An unchanged copy of all the lines below is expected, and it should contain no pictures.
——————————
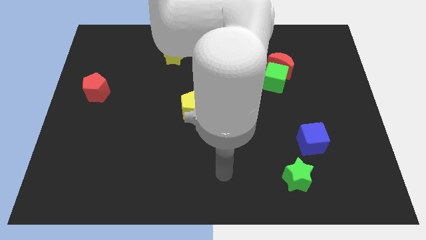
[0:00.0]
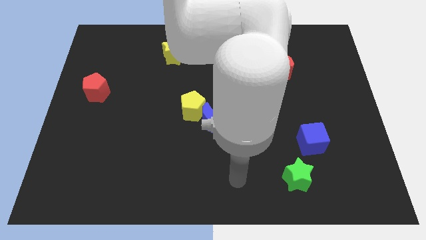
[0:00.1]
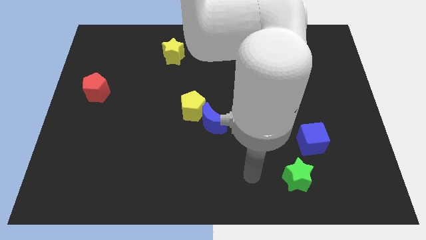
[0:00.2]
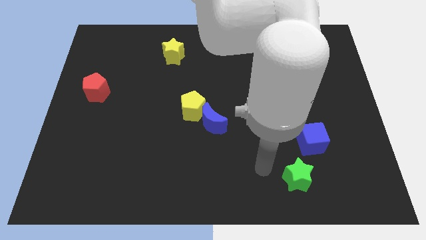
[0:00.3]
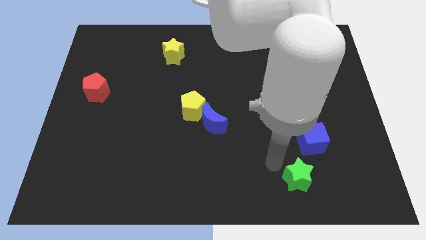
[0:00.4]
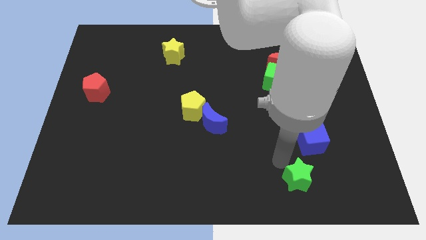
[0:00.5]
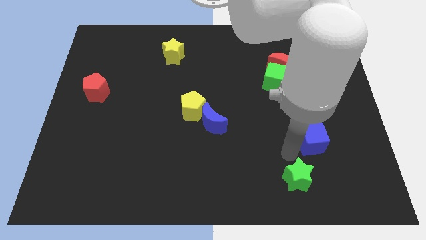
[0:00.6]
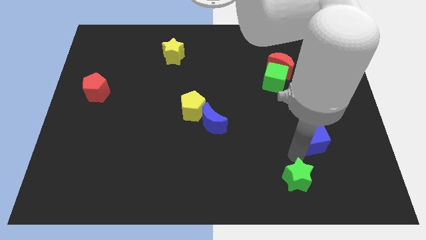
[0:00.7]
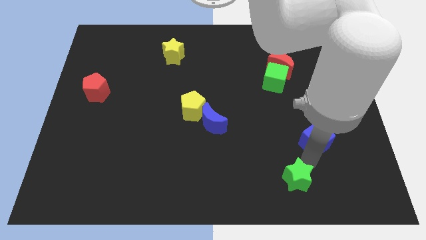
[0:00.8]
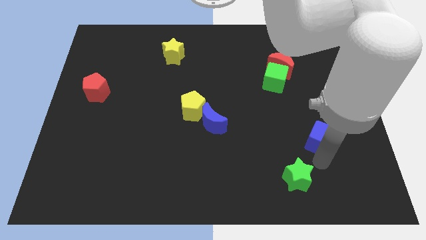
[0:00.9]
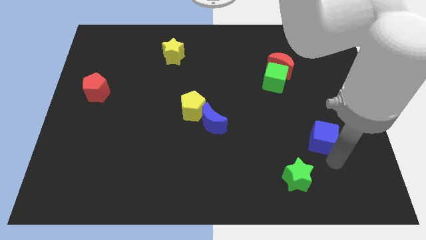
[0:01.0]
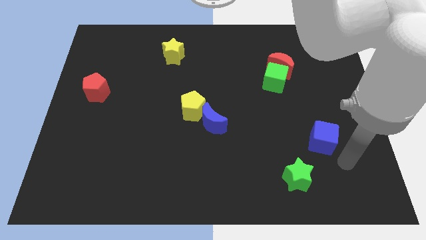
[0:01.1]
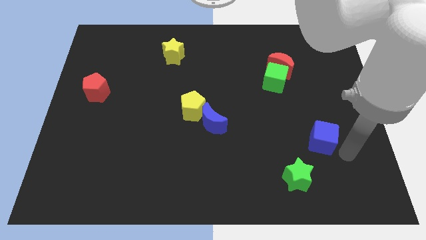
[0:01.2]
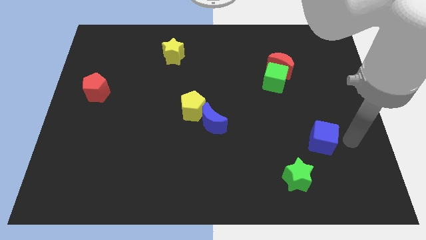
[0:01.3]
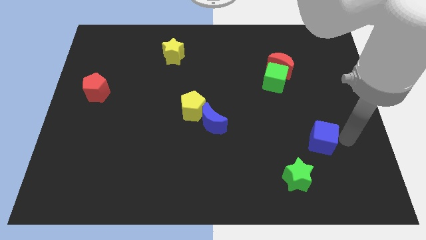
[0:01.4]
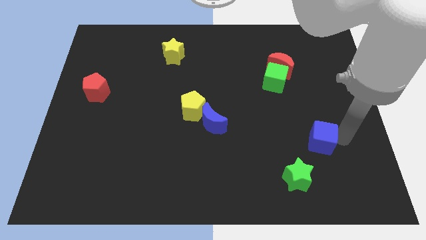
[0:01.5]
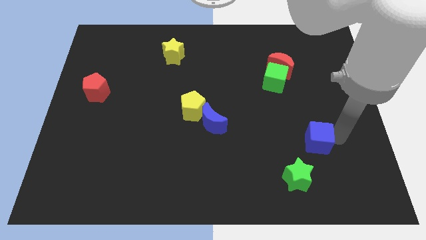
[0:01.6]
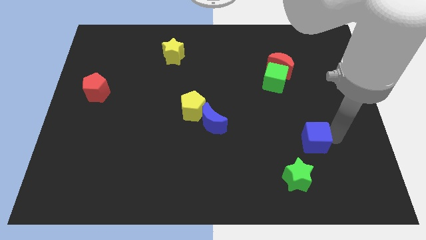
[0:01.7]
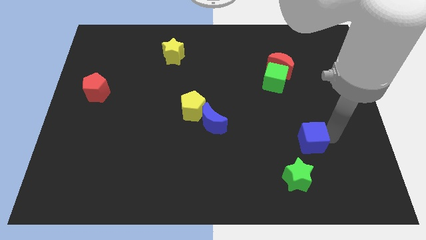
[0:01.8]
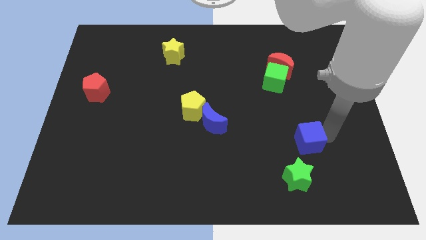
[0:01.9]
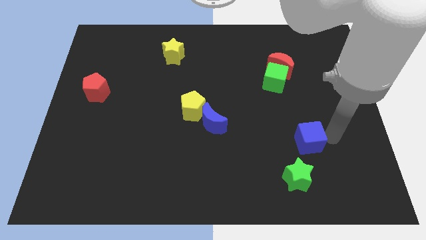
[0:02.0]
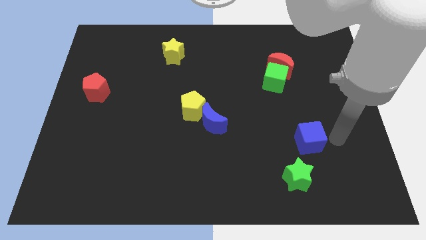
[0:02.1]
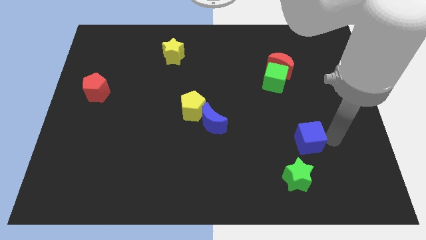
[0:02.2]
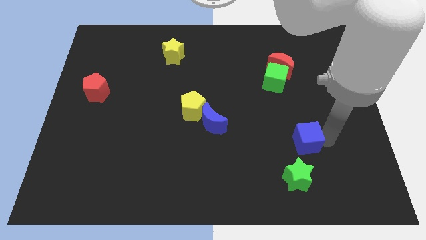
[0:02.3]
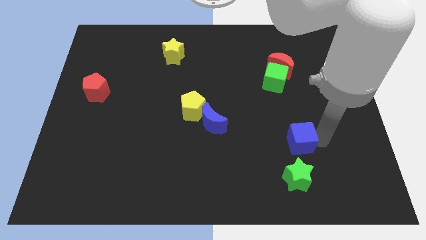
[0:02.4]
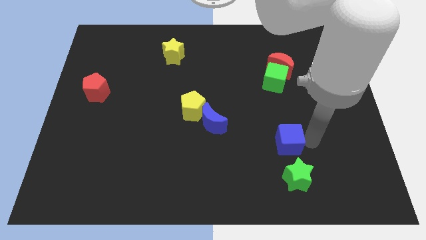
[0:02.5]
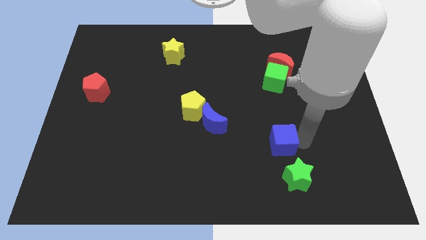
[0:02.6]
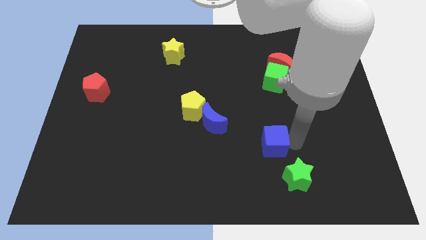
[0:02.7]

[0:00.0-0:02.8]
——————————
## Solution to this problem
[0:00.0]
[0:00.1]
[0:00.2]
[0:00.3]
[0:00.4]
[0:00.5]
[0:00.6]
[0:00.7]
[0:00.8]
[0:00.9]
[0:01.0]
[0:01.1]
[0:01.2]
[0:01.3]
[0:01.4]
[0:01.5]
[0:01.6]
[0:01.7]
[0:01.8]
[0:01.9]
[0:02.0]
[0:02.1]
[0:02.2]
[0:02.3]
[0:02.4]
[0:02.5]
[0:02.6]
[0:02.7]

[0:00.0-0:02.8]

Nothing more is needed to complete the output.